TASK DESCRIPTION:
Take the data below and copy exactly the lines starting at the one with "main class: Cropland" and finishing at the one with "longitude: -8.4655", both included.

DATASET RECORDS:
-=-=-=-=-

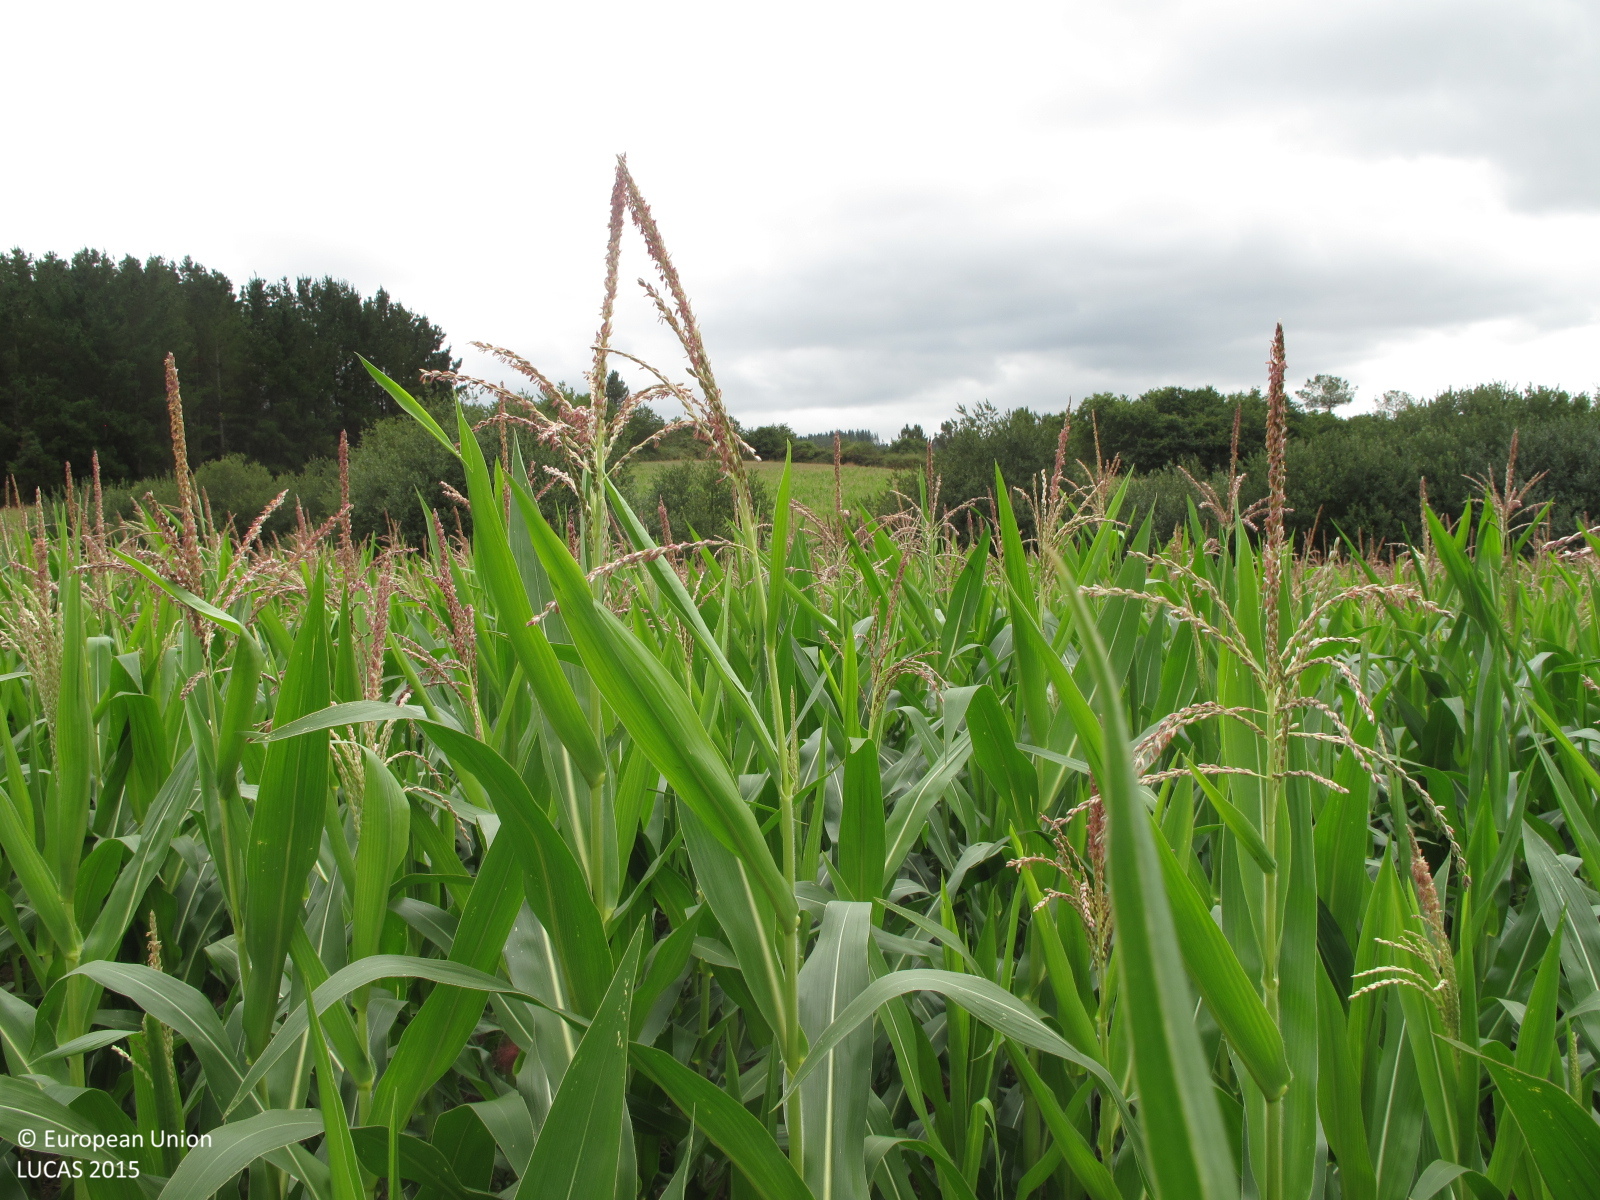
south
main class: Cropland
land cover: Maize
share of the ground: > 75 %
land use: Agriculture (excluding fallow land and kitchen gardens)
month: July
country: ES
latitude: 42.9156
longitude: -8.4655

-=-=-=-=-

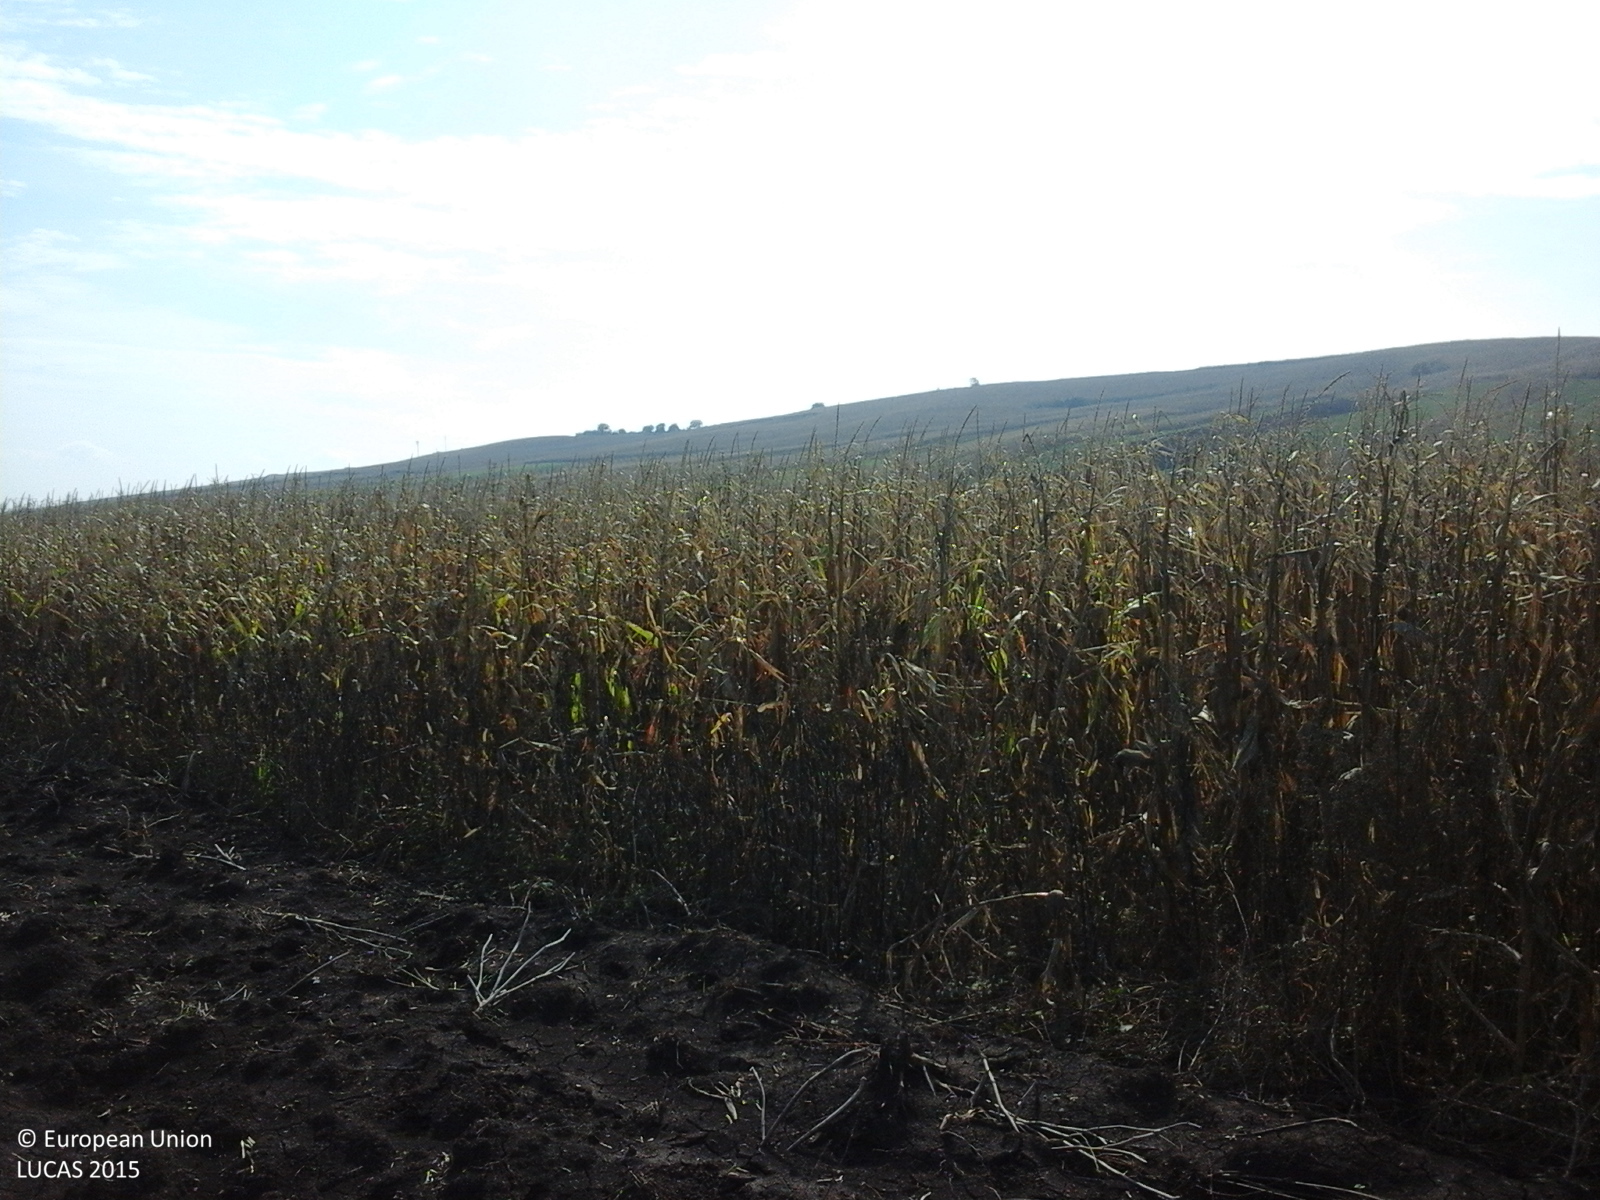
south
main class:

-=-=-=-=-

THE COMPLETED TASK:
main class: Cropland
land cover: Maize
share of the ground: > 75 %
land use: Agriculture (excluding fallow land and kitchen gardens)
month: July
country: ES
latitude: 42.9156
longitude: -8.4655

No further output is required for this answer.